** Exercise material **
######
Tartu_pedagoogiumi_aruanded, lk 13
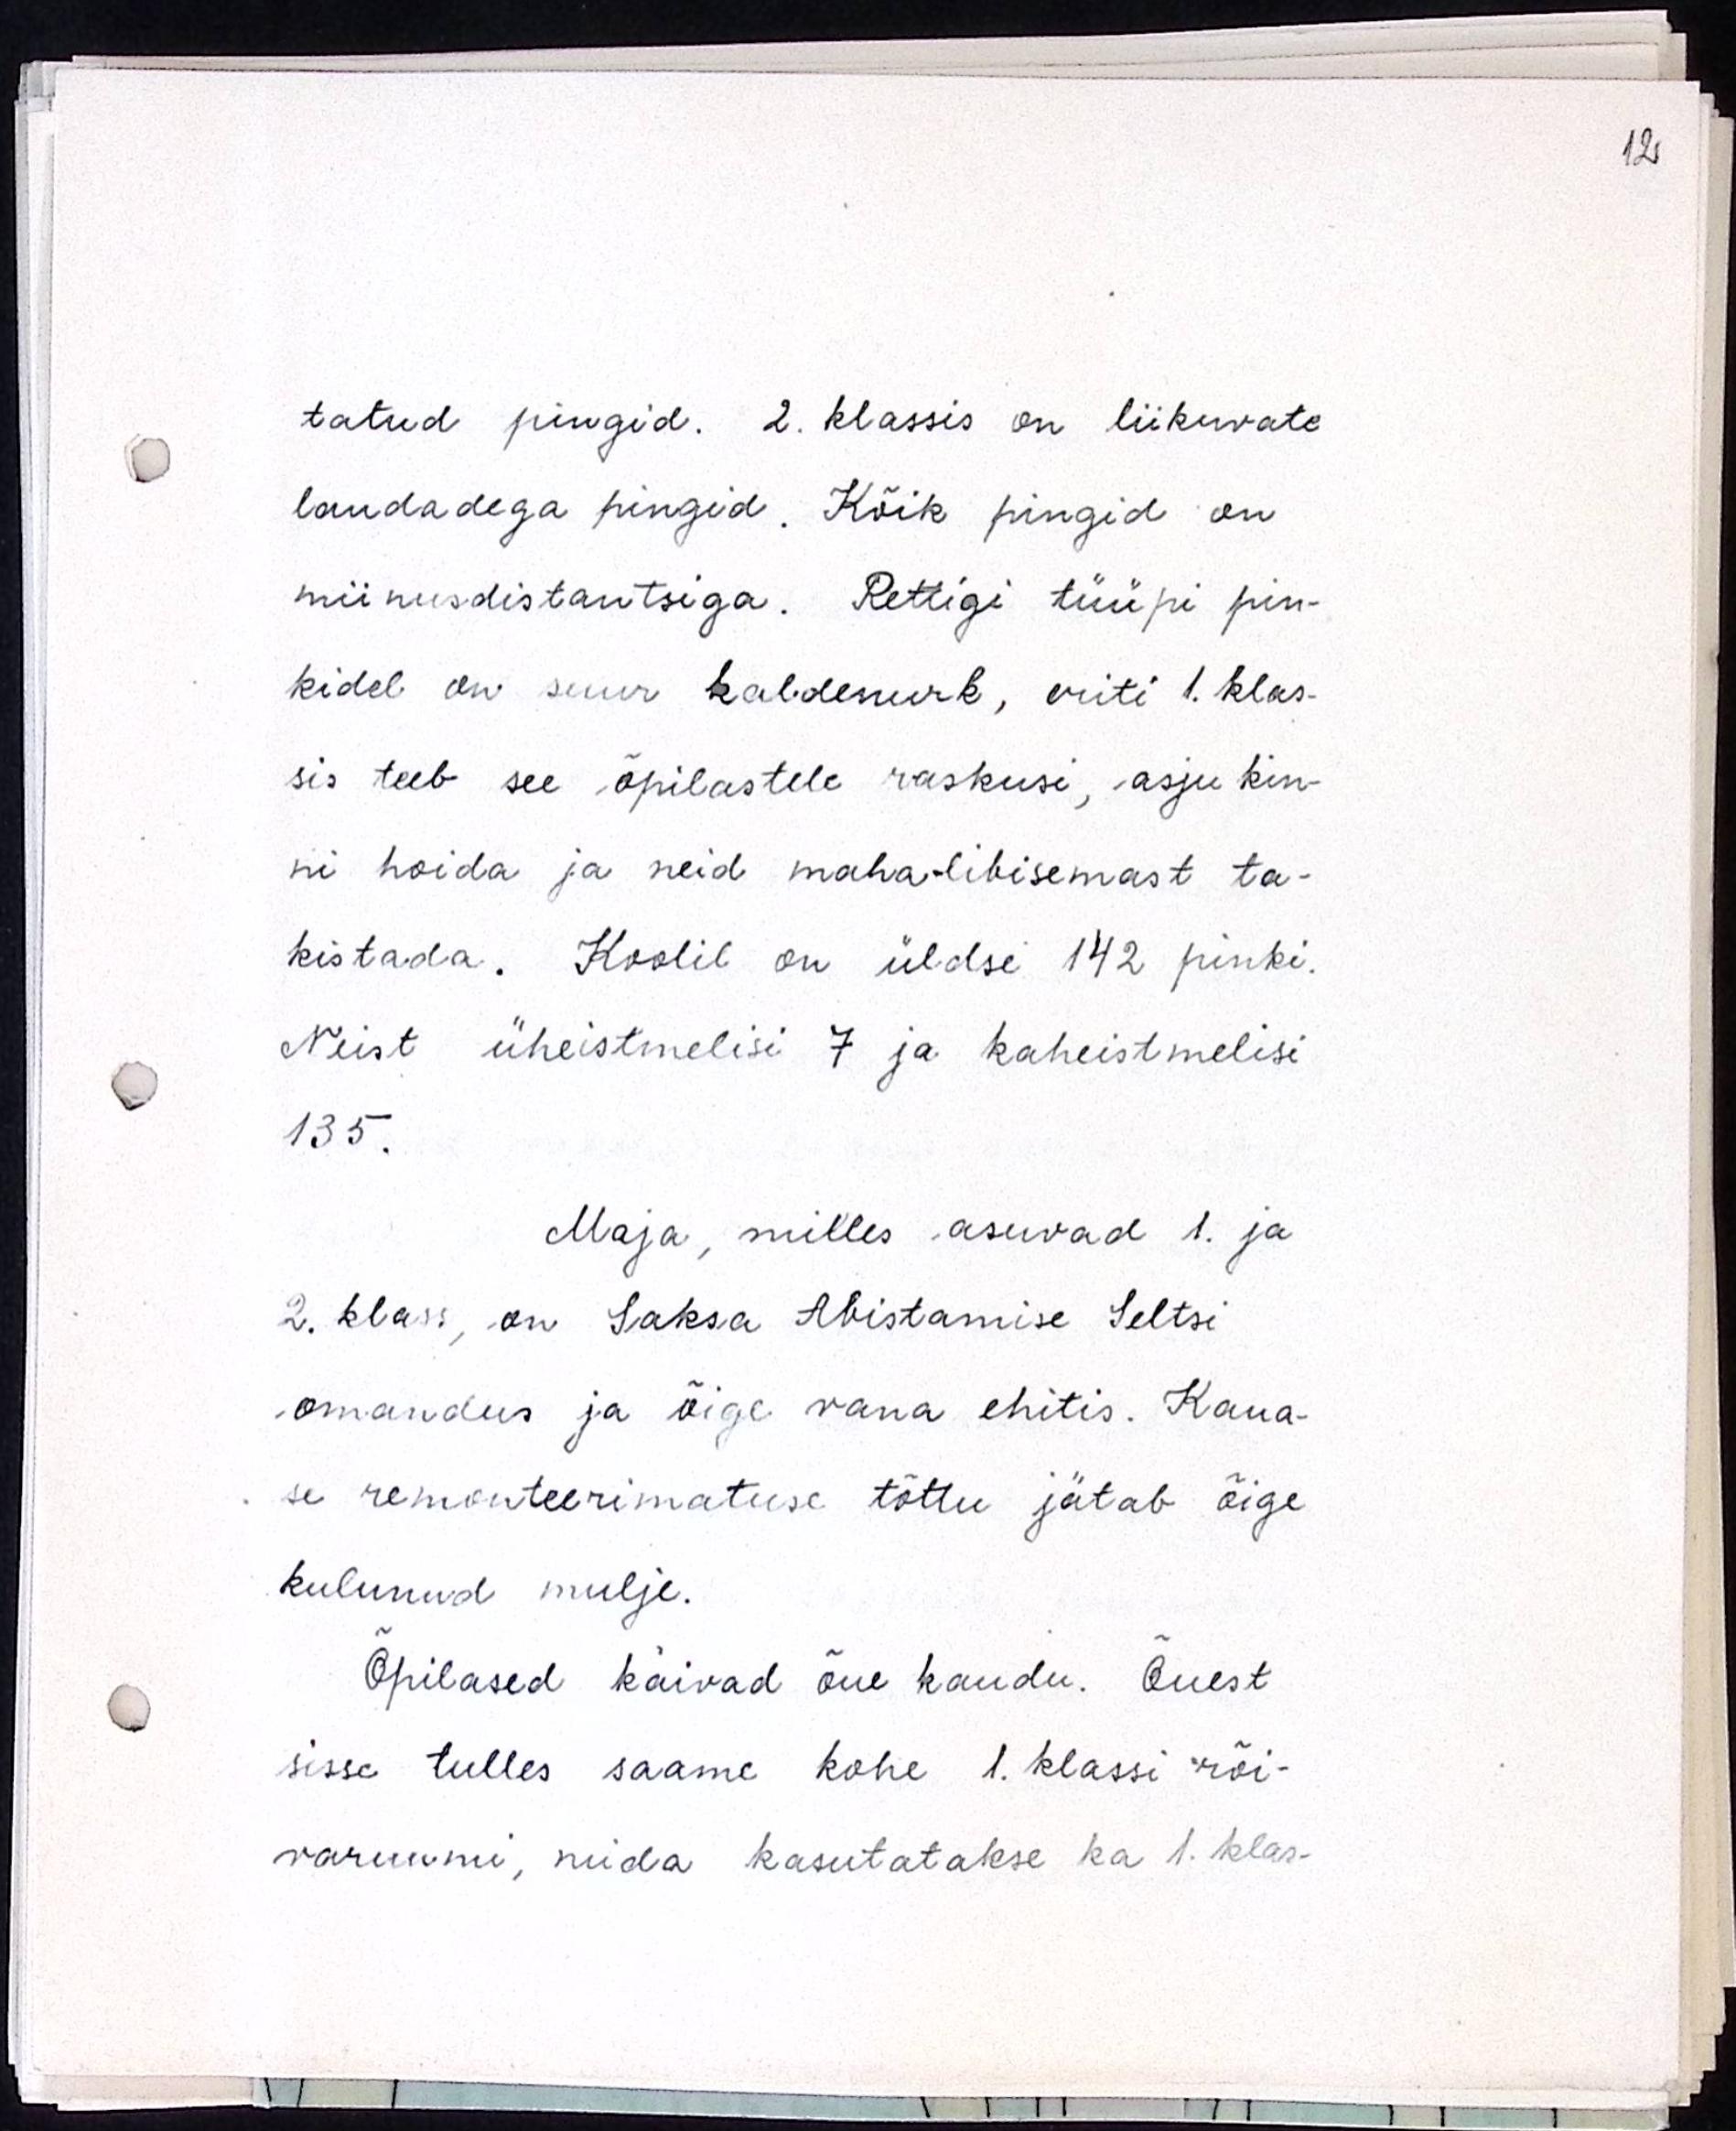
tatud pingid. 2. klassis on liikuvate
laudadega pingid. Kõik pingid on
miinusdistantsiga. Rettigi tüüpi pin-
kidel on suur kaldenurk, eriti 1. klas-
sis teeb see õpilastele raskusi, asju kin-
ni hoida ja neid maha-libisemast ta-
kistada. Koolil on üldse 142 pinki.
Neist üheistmelisi 7 ja kaheistmelisi
135.
Maja, milles asuvad 1. ja
2. klass, on Saksa Abistamise Seltsi
omandus ja õige vana ehitis. Kaua-
se remonteerimatuse tõttu jätab õige
kulunud mulje.
Õpilased käivad õue kaudu. Õuest
sisse tulles saame kohe 1. klassi rõi-
varuumi, mida kasutatakse ka 1. klas-
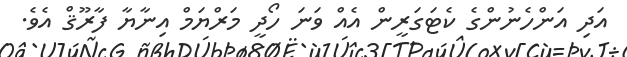
އަދި އަންހެނުންގެ ކެޓަގަރީން އެއް ވަނަ ހޯދީ މަރްޔަމް އިނާޔާ ފާރޫޤް އެވެ.
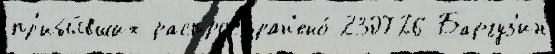
пр'ибы́вших распростран'ено́ 230726 Баргуз'ин
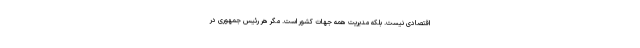
اقتصادی نیست. بلکه مدیریت همه جهات کشور است. مگر هر رئیس جمهوری در
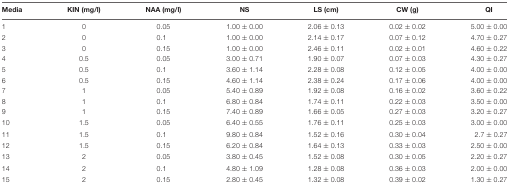
<table><thead><tr><td><b>Media</b></td><td><b>KIN (mg/l)</b></td><td><b>NAA (mg/l)</b></td><td><b>NS</b></td><td><b>LS (cm)</b></td><td><b>CW (g)</b></td><td><b>QI</b></td></tr></thead><tbody><tr><td>1</td><td>0</td><td>0.05</td><td>1.00 ± 0.00</td><td>2.06 ± 0.13</td><td>0.02 ± 0.02</td><td>5.00 ± 0.00</td></tr><tr><td>2</td><td>0</td><td>0.1</td><td>1.00 ± 0.00</td><td>2.14 ± 0.17</td><td>0.07 ± 0.12</td><td>4.70 ± 0.27</td></tr><tr><td>3</td><td>0</td><td>0.15</td><td>1.00 ± 0.00</td><td>2.46 ± 0.11</td><td>0.02 ± 0.01</td><td>4.60 ± 0.22</td></tr><tr><td>4</td><td>0.5</td><td>0.05</td><td>3.00 ± 0.71</td><td>1.90 ± 0.07</td><td>0.07 ± 0.03</td><td>4.30 ± 0.27</td></tr><tr><td>5</td><td>0.5</td><td>0.1</td><td>3.60 ± 1.14</td><td>2.28 ± 0.08</td><td>0.12 ± 0.05</td><td>4.00 ± 0.00</td></tr><tr><td>6</td><td>0.5</td><td>0.15</td><td>4.60 ± 1.14</td><td>2.38 ± 0.24</td><td>0.17 ± 0.06</td><td>4.00 ± 0.00</td></tr><tr><td>7</td><td>1</td><td>0.05</td><td>5.40 ± 0.89</td><td>1.92 ± 0.08</td><td>0.16 ± 0.02</td><td>3.60 ± 0.22</td></tr><tr><td>8</td><td>1</td><td>0.1</td><td>6.80 ± 0.84</td><td>1.74 ± 0.11</td><td>0.22 ± 0.03</td><td>3.50 ± 0.00</td></tr><tr><td>9</td><td>1</td><td>0.15</td><td>7.40 ± 0.89</td><td>1.66 ± 0.05</td><td>0.27 ± 0.03</td><td>3.20 ± 0.27</td></tr><tr><td>10</td><td>1.5</td><td>0.05</td><td>6.40 ± 0.55</td><td>1.76 ± 0.11</td><td>0.25 ± 0.03</td><td>3.00 ± 0.00</td></tr><tr><td>11</td><td>1.5</td><td>0.1</td><td>9.80 ± 0.84</td><td>1.52 ± 0.16</td><td>0.30 ± 0.04</td><td>2.7 ± 0.27</td></tr><tr><td>12</td><td>1.5</td><td>0.15</td><td>6.20 ± 0.84</td><td>1.64 ± 0.13</td><td>0.33 ± 0.03</td><td>2.50 ± 0.00</td></tr><tr><td>13</td><td>2</td><td>0.05</td><td>3.80 ± 0.45</td><td>1.52 ± 0.08</td><td>0.30 ± 0.05</td><td>2.20 ± 0.27</td></tr><tr><td>14</td><td>2</td><td>0.1</td><td>4.80 ± 1.09</td><td>1.28 ± 0.08</td><td>0.36 ± 0.03</td><td>2.00 ± 0.00</td></tr><tr><td>15</td><td>2</td><td>0.15</td><td>2.80 ± 0.45</td><td>1.32 ± 0.08</td><td>0.39 ± 0.02</td><td>1.30 ± 0.27</td></tr></tbody></table>
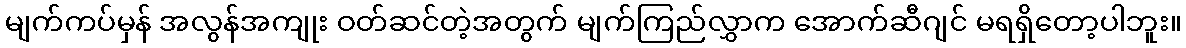
မျက်ကပ်မှန် အလွန်အကျုး ဝတ်ဆင်တဲ့အတွက် မျက်ကြည်လွှာက အောက်ဆီဂျင် မရရှိတော့ပါဘူး။
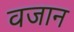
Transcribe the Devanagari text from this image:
वजान
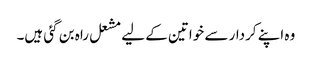
وہ اپنے کردار سے خواتین کے لیے مشعل راہ بن گئی ہیں۔
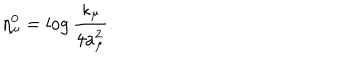
LaTeX: \eta _ { \mu } ^ { 0 } = \log \frac { \kappa _ { \mu } } { 4 a _ { \mu } ^ { 2 } } .
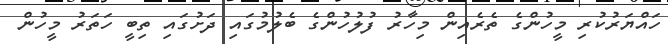
ހައްޔަރުކުރި މީހުންގެ ތެރެއިން މިހާރު ފުލުހުންގެ ބެލުމުގައި ދަށުގައި ތިބީ ހަތަރު މީހުން
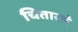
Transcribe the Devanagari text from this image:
चितारणे
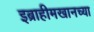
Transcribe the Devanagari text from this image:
इब्राहीमखानच्या
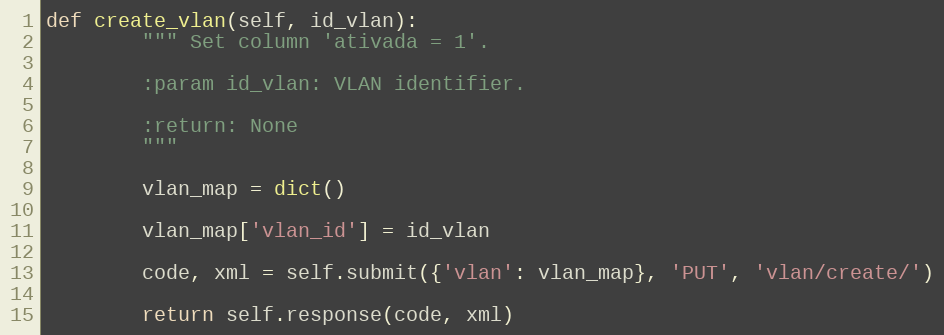
Language: Python
def create_vlan(self, id_vlan):
        """ Set column 'ativada = 1'.

        :param id_vlan: VLAN identifier.

        :return: None
        """

        vlan_map = dict()

        vlan_map['vlan_id'] = id_vlan

        code, xml = self.submit({'vlan': vlan_map}, 'PUT', 'vlan/create/')

        return self.response(code, xml)
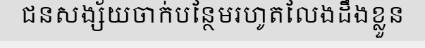
ជនសង្ស័យចាក់បន្ថែមរហូតលែងដឹងខ្លួន
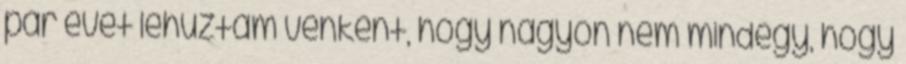
pár évet lehúztam vénként, hogy nagyon nem mindegy, hogy
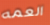
العمه
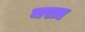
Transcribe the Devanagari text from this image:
मरज़
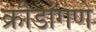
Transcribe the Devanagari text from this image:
क्रीडांगणे
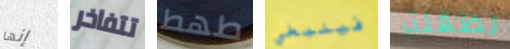
إنها تتفاخر طھط فينبغي لطفلة
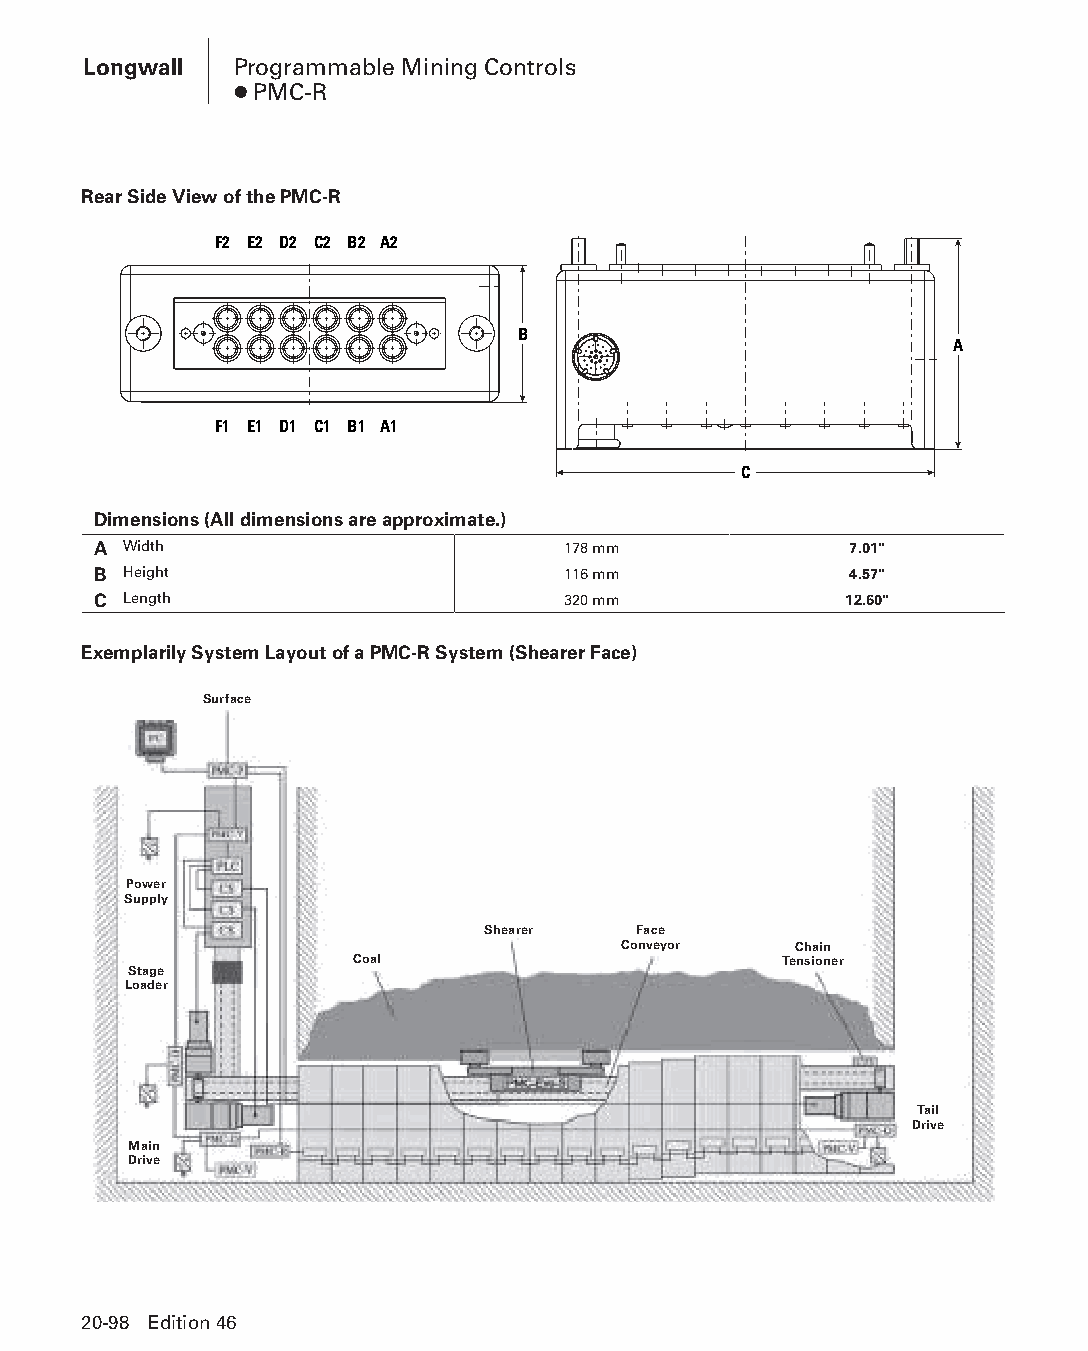
Longwall  Programmable Mining Controls
 ● PMC-R
 Rear Side View of the PMC-R
 F2 E2 D2 C2 B2 A2
 B
 A
 F1 E1 D1 C1 B1 A1
 C
 Dimensions (All dimensions are approximate.)
 A Width                        178 mm             7.01"
 B Height                       116 mm             4.57"
 C Length                       320 mm            12.60"
 Exemplarily System Layout of a PMC-R System (Shearer Face)
 Surface
 Power
 Supply
 Shearer   Face
 Conveyor    Chain
 Coal                        Tensioner
 Stage
 Loader
 Tail
 Drive
 Main
 Drive
 20-98 Edition 46
 PPHHBB--SSeecc2200--LLoonnggwwaallll((ppgg002255--112200))..iinndddd 9988 1122//44//1155 1111::0022 AAMM
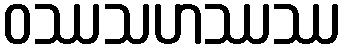
ဝဿသဟဿဿ
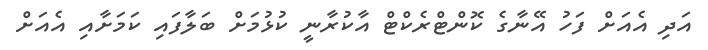
އަދި އެއަށް ފަހު އޭނާގެ ކޮންޓްރެކްޓް އާކުރާނީ ކުޅުމަށް ބަލާފައި ކަމަށާއި އެއަށް
######
** Work item **
Repeat exactly and only the lines from the start of the data above through the line that holds "اقتصادی نیست. بلکه", inclusive. Pictures do not belong in the copy.

** Exercise answer **
Tartu_pedagoogiumi_aruanded, lk 13
tatud pingid. 2. klassis on liikuvate
laudadega pingid. Kõik pingid on
miinusdistantsiga. Rettigi tüüpi pin-
kidel on suur kaldenurk, eriti 1. klas-
sis teeb see õpilastele raskusi, asju kin-
ni hoida ja neid maha-libisemast ta-
kistada. Koolil on üldse 142 pinki.
Neist üheistmelisi 7 ja kaheistmelisi
135.
Maja, milles asuvad 1. ja
2. klass, on Saksa Abistamise Seltsi
omandus ja õige vana ehitis. Kaua-
se remonteerimatuse tõttu jätab õige
kulunud mulje.
Õpilased käivad õue kaudu. Õuest
sisse tulles saame kohe 1. klassi rõi-
varuumi, mida kasutatakse ka 1. klas-
އަދި އަންހެނުންގެ ކެޓަގަރީން އެއް ވަނަ ހޯދީ މަރްޔަމް އިނާޔާ ފާރޫޤް އެވެ.
пр'ибы́вших распростран'ено́ 230726 Баргуз'ин
اقتصادی نیست. بلکه مدیریت همه جهات کشور است. مگر هر رئیس جمهوری در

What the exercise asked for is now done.